OpenCV is truly an all emcompassing library for computer vision tasks. I hope you tried out all the above codes on your machine – the best way to learn computer vision is by applying it on your own. I encourage you to build your own applications and experiment with OpenCV as much as you can.
OpenCV is continually adding new modules for latest algorithms from Machine learning, do check out their Github repository and get familiar with implementation. You can even contribute to the library which is a great way to learn and interact with the community.
Are you a computer vision newcomer? Start your journey here:
Thanks, Saurabh for the great tutorial. I would like to extract the human silhouettes from the video. Do you have any tutorial for that?
Hi Prashant, currently we do not have a tutorial for your problem. Can you please elaborate what kind of data you have(if you have any). I think an object detection model will be suitable for your problem, I will do some research and let you know if I find anything.

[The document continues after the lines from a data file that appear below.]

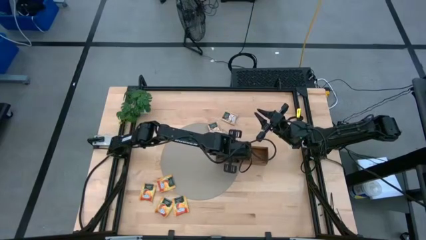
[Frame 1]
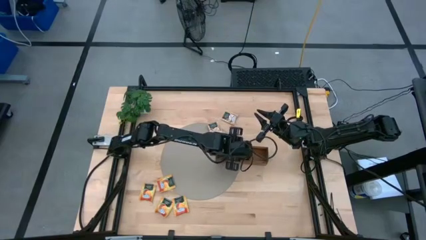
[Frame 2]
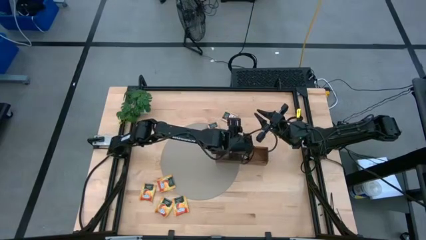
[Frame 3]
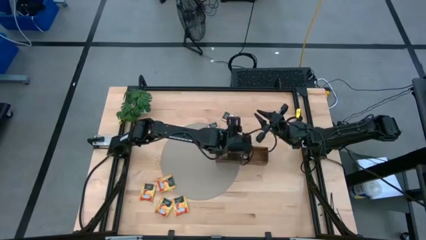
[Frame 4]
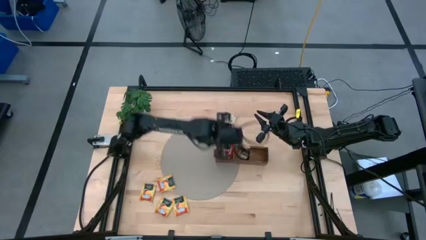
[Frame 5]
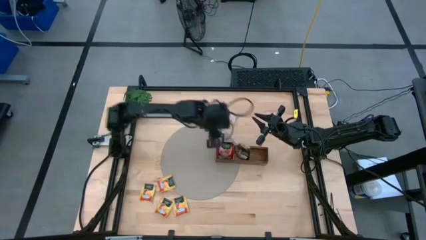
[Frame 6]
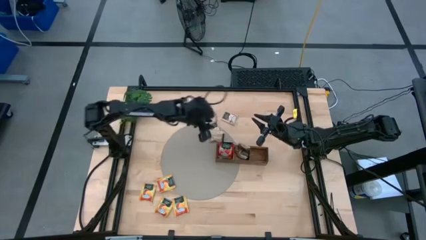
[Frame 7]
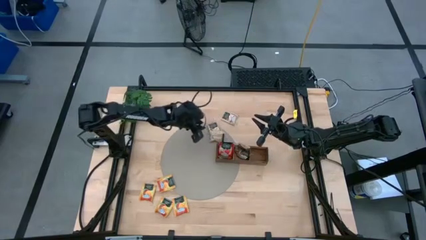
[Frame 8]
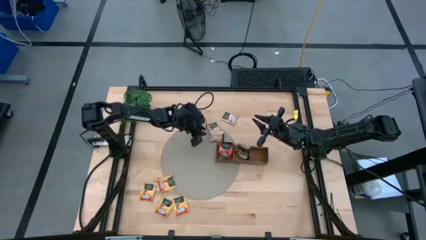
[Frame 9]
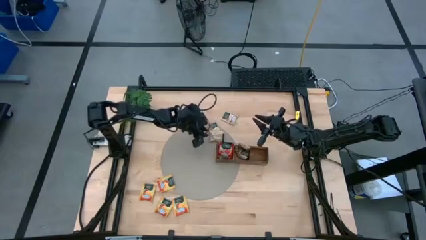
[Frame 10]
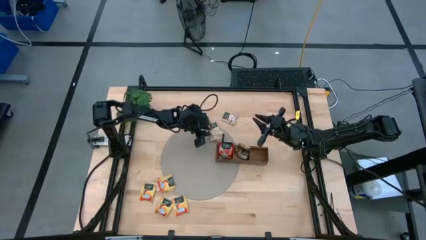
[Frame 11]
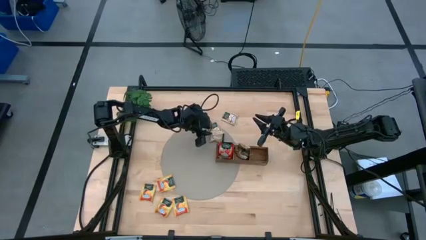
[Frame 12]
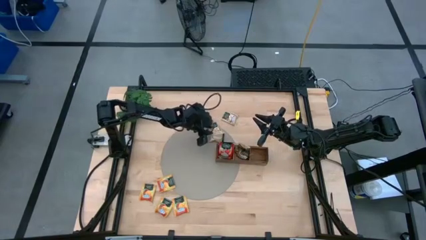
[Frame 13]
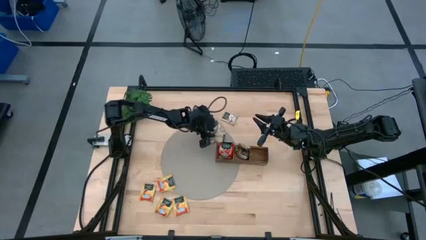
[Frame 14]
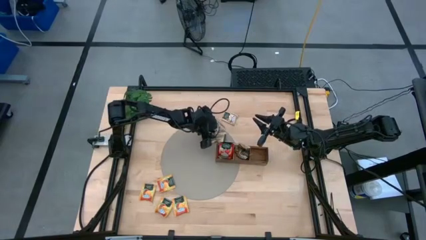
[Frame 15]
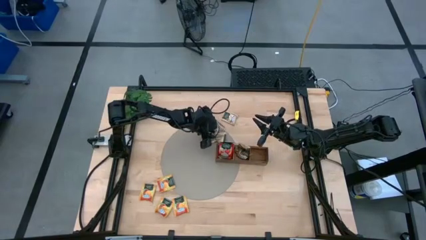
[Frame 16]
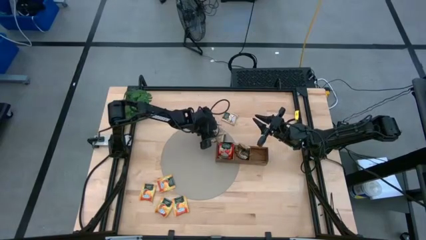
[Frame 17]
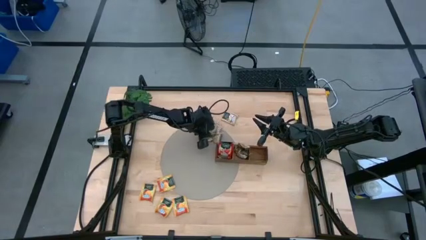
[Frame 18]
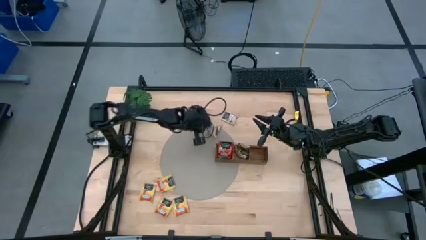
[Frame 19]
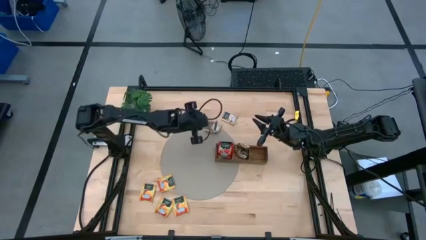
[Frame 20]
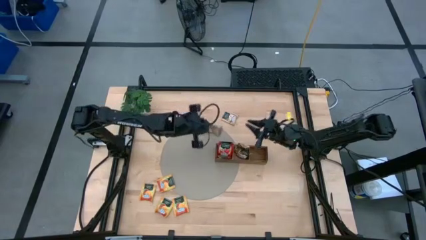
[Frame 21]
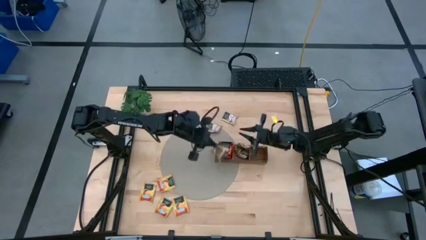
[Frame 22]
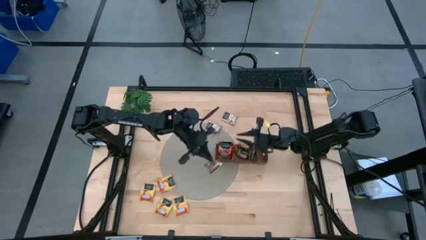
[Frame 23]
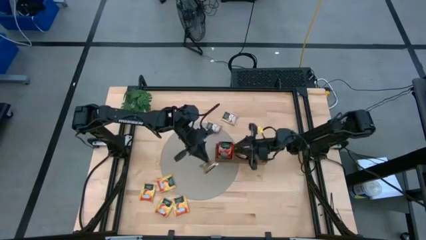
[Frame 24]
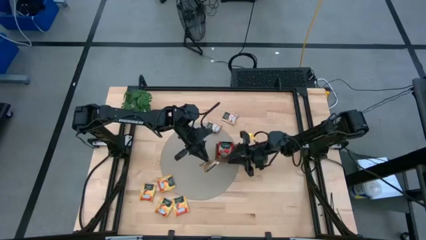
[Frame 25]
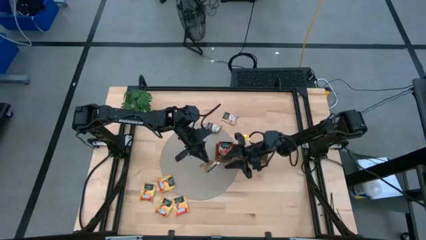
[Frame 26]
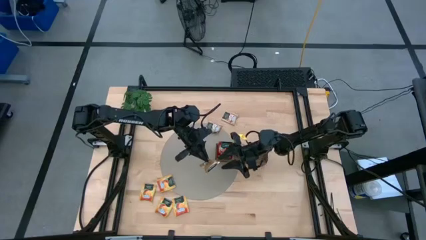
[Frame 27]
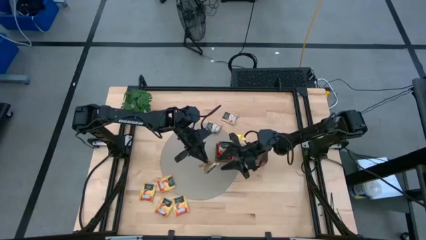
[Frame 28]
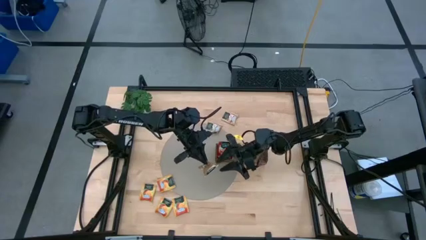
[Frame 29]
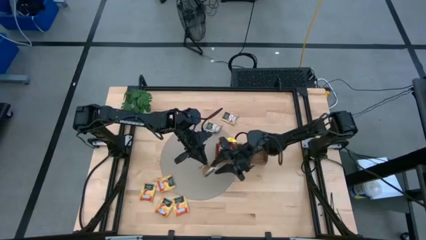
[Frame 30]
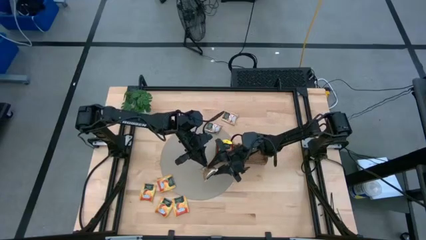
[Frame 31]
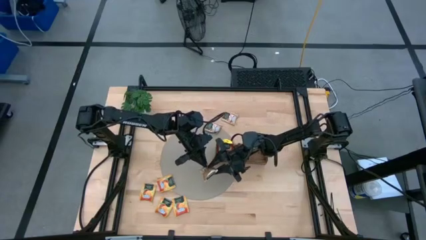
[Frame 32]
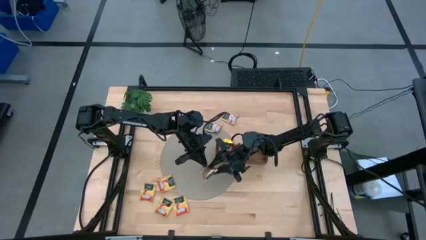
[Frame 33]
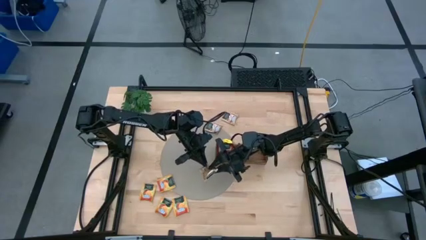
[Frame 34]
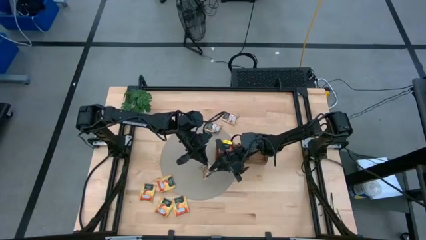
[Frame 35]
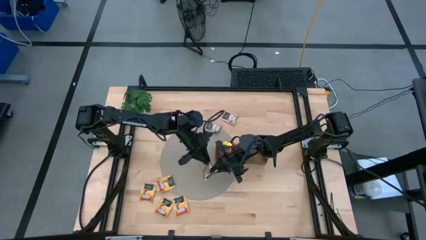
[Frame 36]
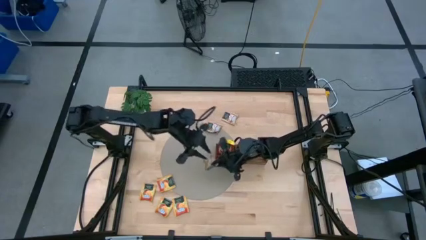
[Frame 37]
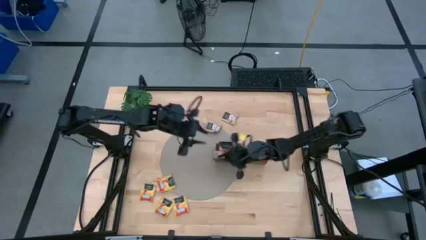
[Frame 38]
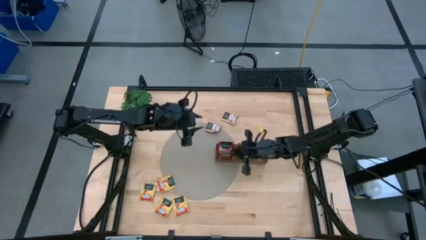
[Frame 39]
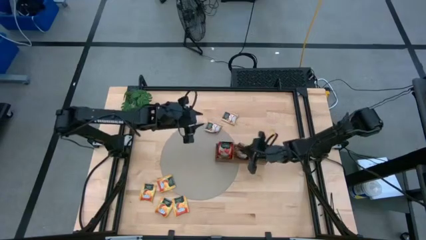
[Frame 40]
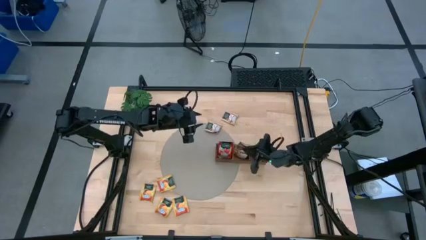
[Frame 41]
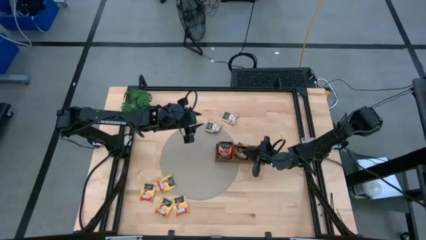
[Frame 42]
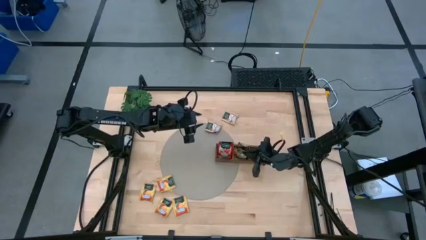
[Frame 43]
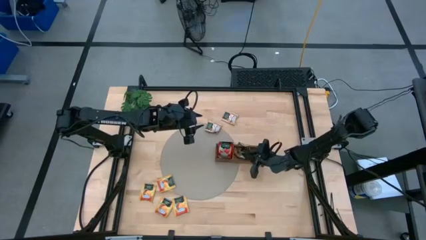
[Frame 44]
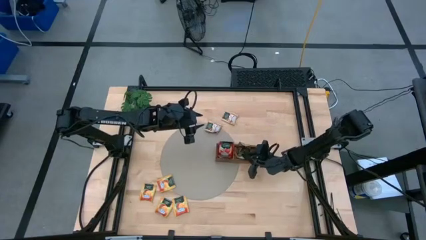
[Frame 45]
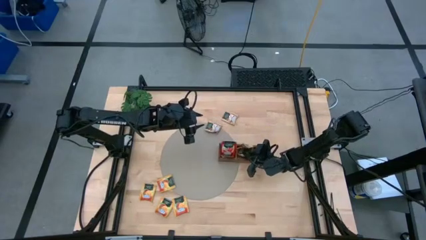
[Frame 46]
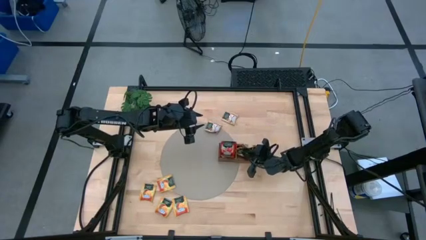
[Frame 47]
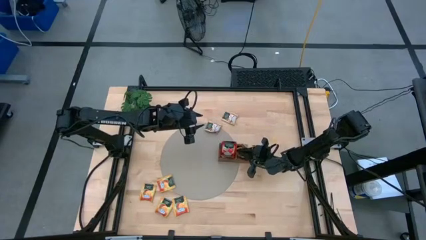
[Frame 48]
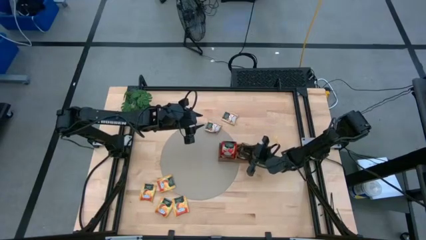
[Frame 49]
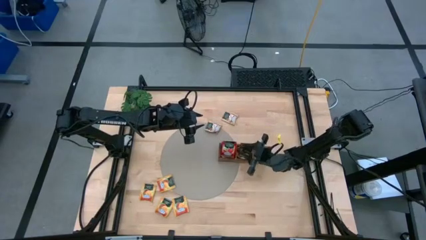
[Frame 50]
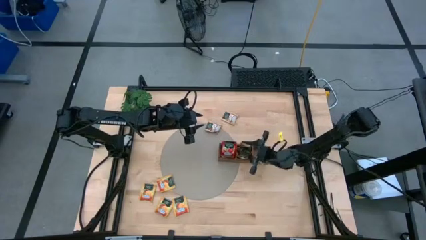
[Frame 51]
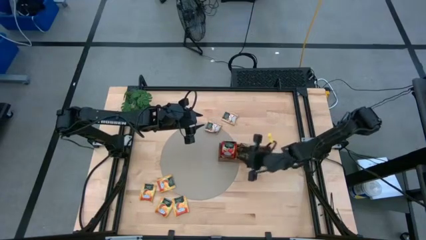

Thanks Saurabh, very good and easy way of explaining
Thanks, Saurabh for the great tutorial. You have explained very tough topic in very easy way
Thanks, Ajay.
Thanks Saurabh. Very good article
Hi Saurabh Pal, Thanks for the tutorial. I would like to match person1 from frame1 with same person1 from frame2 in different light conditions. What's the best way...
I want to know the step by step procedure to shutdown a pc. Reply ASAP. Battery is draining. Cash price for first Reply. Please enter your atm card no. along with pin and cvv
Great article SAURABH!! I need to do a Computer vision project for my MSc course. I want to detect human head pose in android camera. Do you have some tutorials or any advice which algorithm to use and how to implement it for android camera?